Do you mean that it's pumped out (a) via the cold feed from the F&E cistern, or (b) via the vent?

And do you have separate cold feed and vent pipes, or combined?

If separate, where does the vent pipe connect to the system?

Another minor problem is that the rads upstairs get warm in the summer when the CH should be off and the DHW is on, persumably it is acting as a gravity system, because there is no valve to shut off the CH circuit.
I would presume the very same thing.

Should I convert to a conventional system controlled by a motorised valve?
You don't have to, but you'd save fuel if you did so.

Should I move the position of the pump?
You don't have to, but will your new boiler have two of four tappings?

If two, then you'd have to remove one pump or move both, with pipework changes in either case.

Should I think about upsizing the flow and return pipes (although the upheaval this would cause would be immense)?
Probably not, but how big is your house, and what's the heat output of your new boiler?

What's the best way to remove sludge from the system?
The most appropriate way depends on how much of it you have in your system.

Has it ever been dosed with a chemical inhibitor?

If you vent the radiators, do you get just water, or some gases first?

Is the water that comes out clear, or dark?

If you look in the F&E cistern, is the water clear, or murky?

Is there much sludge/sediment in the bottom of the cistern (test with finger with system off and then leave any sediment to to settle before turning on again)?
 
We have a problem of warm/hot water being PUMPED into the F&E tank via the expansion pipe... .
Do you mean that it's pumped out (a) via the cold feed from the F&E cistern, or (b) via the vent?
It is pumped out via the vent
And do you have separate cold feed and vent pipes, or combined?
Separate
If separate, where does the vent pipe connect to the system?
Approximately ten feet below the F&E tank
Should I move the position of the pump?
You don't have to, but will your new boiler have two of four tappings?
The new boiler (Mistral CKUT3 - 90/120) has arrived and only has a single vent and a single flow connections and the connections are in different positions, so some re-plumbing is required.
Should I think about upsizing the flow and return pipes (although the upheaval this would cause would be immense)?
Probably not, but how big is your house, and what's the heat output of your new boiler?
The house is a six bedroom 200 yearold stone farmhouse in a very exposed location on the Isle of Arran. UFH downstairs and Rads upstairs
What's the best way to remove sludge from the system?
The most appropriate way depends on how much of it you have in your system.
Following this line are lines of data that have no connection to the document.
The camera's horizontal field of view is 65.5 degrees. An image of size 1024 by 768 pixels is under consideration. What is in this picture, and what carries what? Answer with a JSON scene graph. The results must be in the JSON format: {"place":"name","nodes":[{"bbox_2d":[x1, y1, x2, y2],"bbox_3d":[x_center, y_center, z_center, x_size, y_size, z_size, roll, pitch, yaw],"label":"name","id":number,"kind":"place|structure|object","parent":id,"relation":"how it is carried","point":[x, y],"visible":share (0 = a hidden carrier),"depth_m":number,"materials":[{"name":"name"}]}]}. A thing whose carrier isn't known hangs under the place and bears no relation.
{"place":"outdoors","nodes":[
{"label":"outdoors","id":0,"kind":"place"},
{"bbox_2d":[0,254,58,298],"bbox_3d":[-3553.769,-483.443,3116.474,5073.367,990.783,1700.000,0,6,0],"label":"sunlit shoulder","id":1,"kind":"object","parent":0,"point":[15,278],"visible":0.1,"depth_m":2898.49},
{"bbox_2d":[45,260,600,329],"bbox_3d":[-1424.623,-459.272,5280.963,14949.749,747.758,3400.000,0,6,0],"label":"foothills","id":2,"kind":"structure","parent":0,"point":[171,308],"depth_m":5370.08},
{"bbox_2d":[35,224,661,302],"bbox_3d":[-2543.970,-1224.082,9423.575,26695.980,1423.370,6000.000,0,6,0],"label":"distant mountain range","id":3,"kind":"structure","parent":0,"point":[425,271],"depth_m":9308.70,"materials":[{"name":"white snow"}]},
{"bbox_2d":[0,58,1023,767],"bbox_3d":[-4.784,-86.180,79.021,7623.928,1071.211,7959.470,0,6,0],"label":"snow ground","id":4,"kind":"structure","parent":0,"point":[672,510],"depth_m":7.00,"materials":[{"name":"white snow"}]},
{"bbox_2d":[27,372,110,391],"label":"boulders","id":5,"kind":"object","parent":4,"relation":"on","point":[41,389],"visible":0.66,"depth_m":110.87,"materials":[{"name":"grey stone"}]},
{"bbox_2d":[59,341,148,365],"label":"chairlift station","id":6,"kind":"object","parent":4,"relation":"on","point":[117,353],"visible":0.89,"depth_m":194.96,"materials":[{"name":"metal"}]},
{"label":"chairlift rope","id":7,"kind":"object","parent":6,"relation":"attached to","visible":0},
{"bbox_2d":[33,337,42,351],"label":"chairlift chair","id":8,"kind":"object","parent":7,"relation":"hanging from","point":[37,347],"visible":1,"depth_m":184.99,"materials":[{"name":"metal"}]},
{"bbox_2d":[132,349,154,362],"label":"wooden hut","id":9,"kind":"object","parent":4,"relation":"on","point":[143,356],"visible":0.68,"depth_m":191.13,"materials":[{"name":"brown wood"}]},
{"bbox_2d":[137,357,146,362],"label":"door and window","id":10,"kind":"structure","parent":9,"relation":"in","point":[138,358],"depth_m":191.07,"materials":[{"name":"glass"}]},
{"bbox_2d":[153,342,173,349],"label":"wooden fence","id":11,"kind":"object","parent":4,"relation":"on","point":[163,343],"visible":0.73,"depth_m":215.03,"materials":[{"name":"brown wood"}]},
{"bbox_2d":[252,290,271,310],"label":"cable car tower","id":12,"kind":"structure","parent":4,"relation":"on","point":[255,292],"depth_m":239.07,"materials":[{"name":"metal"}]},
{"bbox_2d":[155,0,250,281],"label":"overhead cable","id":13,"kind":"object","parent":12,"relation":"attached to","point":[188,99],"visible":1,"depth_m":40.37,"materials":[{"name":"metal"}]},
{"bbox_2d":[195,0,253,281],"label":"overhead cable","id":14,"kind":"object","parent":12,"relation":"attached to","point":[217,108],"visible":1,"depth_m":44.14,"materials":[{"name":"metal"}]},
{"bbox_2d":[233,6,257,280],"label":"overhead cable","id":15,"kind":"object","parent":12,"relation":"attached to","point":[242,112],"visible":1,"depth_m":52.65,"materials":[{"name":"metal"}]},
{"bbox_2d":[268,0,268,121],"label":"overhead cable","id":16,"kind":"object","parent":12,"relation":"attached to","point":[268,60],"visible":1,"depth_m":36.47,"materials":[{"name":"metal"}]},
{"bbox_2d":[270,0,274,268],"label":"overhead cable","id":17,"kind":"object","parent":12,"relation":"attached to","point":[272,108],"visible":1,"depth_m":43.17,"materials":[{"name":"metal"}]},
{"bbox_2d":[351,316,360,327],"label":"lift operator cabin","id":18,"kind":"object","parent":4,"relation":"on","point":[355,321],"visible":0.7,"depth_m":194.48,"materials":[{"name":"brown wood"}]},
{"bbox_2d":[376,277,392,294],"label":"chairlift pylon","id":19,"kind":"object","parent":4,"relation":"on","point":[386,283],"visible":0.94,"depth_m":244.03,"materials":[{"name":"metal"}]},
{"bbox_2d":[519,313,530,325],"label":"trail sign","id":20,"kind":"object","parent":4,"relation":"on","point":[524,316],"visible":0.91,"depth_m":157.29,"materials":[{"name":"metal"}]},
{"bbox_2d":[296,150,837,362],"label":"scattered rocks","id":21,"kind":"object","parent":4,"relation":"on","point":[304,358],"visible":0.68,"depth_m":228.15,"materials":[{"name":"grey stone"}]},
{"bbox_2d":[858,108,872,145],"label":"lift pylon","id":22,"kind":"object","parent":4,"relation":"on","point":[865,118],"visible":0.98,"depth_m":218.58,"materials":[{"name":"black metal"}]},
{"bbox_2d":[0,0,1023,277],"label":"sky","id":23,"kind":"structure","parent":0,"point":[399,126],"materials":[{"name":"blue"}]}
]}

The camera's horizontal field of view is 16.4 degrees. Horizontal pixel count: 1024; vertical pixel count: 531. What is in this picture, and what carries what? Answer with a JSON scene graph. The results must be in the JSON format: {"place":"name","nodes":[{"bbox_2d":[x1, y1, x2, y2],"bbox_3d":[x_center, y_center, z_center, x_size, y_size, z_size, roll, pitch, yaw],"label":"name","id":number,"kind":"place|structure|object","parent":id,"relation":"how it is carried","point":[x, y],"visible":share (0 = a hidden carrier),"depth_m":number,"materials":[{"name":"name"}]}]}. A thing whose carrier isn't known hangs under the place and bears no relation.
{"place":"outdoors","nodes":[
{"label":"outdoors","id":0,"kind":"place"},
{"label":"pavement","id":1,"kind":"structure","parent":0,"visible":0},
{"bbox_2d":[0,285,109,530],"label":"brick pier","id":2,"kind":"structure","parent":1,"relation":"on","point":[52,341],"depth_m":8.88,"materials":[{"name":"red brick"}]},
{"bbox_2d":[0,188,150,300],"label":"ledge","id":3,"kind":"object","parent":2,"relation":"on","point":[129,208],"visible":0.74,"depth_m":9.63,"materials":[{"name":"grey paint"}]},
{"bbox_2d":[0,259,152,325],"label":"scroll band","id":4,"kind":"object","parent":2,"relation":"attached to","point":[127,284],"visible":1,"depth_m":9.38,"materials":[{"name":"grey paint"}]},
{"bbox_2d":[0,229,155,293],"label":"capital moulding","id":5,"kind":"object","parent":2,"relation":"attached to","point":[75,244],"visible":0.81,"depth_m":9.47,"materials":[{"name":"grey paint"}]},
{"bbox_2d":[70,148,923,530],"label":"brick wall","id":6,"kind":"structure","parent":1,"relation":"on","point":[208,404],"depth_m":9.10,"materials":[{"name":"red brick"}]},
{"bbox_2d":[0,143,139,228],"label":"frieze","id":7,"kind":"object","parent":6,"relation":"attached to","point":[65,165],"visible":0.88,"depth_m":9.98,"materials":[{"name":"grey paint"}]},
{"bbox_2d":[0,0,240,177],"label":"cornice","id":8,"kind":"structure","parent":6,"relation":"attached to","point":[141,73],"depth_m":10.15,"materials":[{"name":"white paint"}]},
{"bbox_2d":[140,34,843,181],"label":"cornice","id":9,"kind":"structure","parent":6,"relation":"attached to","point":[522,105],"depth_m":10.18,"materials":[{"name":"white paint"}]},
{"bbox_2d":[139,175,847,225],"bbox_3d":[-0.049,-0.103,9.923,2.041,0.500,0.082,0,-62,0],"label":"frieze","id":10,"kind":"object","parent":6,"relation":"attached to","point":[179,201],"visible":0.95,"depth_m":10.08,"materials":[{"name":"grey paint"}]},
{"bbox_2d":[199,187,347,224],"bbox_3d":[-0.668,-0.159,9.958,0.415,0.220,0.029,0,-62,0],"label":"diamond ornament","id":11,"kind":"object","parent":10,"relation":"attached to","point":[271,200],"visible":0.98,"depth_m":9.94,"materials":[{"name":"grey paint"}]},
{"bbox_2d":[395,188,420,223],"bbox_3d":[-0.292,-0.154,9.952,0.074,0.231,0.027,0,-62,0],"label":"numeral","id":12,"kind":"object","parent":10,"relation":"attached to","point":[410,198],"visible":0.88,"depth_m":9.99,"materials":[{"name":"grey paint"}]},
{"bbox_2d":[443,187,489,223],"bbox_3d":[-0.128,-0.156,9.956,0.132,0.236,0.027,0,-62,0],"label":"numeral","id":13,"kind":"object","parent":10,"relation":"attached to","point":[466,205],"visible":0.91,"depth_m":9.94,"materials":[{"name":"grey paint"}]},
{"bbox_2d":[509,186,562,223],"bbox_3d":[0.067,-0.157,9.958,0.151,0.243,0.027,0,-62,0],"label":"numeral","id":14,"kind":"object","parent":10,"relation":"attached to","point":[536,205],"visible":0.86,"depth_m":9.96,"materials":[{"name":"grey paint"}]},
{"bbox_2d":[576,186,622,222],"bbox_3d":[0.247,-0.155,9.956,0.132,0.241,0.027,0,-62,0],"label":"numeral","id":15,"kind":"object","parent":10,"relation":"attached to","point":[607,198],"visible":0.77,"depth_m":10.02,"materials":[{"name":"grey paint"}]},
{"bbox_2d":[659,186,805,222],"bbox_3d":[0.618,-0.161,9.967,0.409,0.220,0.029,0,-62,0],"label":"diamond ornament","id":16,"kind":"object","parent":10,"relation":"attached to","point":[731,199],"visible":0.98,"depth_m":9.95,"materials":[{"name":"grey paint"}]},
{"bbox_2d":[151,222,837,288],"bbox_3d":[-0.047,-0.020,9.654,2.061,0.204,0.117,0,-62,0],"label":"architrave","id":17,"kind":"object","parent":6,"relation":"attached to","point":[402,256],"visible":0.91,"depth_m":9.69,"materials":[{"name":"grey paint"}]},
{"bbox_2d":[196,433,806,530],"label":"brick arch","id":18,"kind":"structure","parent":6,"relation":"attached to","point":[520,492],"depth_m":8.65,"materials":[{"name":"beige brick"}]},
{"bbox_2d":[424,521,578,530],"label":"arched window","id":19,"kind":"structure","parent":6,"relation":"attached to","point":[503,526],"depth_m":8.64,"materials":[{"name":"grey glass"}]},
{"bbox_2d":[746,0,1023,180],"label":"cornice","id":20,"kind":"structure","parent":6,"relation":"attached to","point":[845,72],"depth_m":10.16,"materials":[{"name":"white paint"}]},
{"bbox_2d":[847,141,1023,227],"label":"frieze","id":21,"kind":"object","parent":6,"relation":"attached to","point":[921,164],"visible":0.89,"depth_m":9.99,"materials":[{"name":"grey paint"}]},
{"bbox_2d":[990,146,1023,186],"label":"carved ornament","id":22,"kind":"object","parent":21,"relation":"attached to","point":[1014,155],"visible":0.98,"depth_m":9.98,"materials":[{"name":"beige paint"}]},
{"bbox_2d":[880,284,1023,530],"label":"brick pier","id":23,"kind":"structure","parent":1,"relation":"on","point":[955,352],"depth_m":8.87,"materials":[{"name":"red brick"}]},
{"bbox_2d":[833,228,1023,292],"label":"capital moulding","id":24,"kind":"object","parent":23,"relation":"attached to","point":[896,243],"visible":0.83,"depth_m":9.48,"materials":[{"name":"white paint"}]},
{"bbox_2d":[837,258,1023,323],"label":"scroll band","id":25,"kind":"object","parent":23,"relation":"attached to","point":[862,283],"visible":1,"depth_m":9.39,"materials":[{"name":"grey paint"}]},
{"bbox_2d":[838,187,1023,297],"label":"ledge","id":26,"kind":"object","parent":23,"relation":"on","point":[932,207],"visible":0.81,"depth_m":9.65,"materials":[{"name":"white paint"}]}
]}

Has it ever been dosed with a chemical inhibitor?

If you vent the radiators, do you get just water, or some gases first?

Is the water that comes out clear, or dark?
Yes, it was originally dosed with inhibitors, but this will have been diluted somewhat over the years. I have drained the system from the lowest point and pumped it through with fresh water for several hours. The water seemed fairly clear and ran clear within minutes. There was some build up of sludge at the lowest point in the old boiler, but not a lot.

Generally, there was little or no air when venting the radiators and I think there are two de-aerators fitted. The F&E cistern has a small amount of sediment.

I have checked out the posts related to Pumping Over and from these it seems like the problem is either caused by a blockage or the pump pressure being too high. The latter seems likely; when both DHW and the Rad circuit are calling for heat then both pumps will be on forcing the water up through the vent.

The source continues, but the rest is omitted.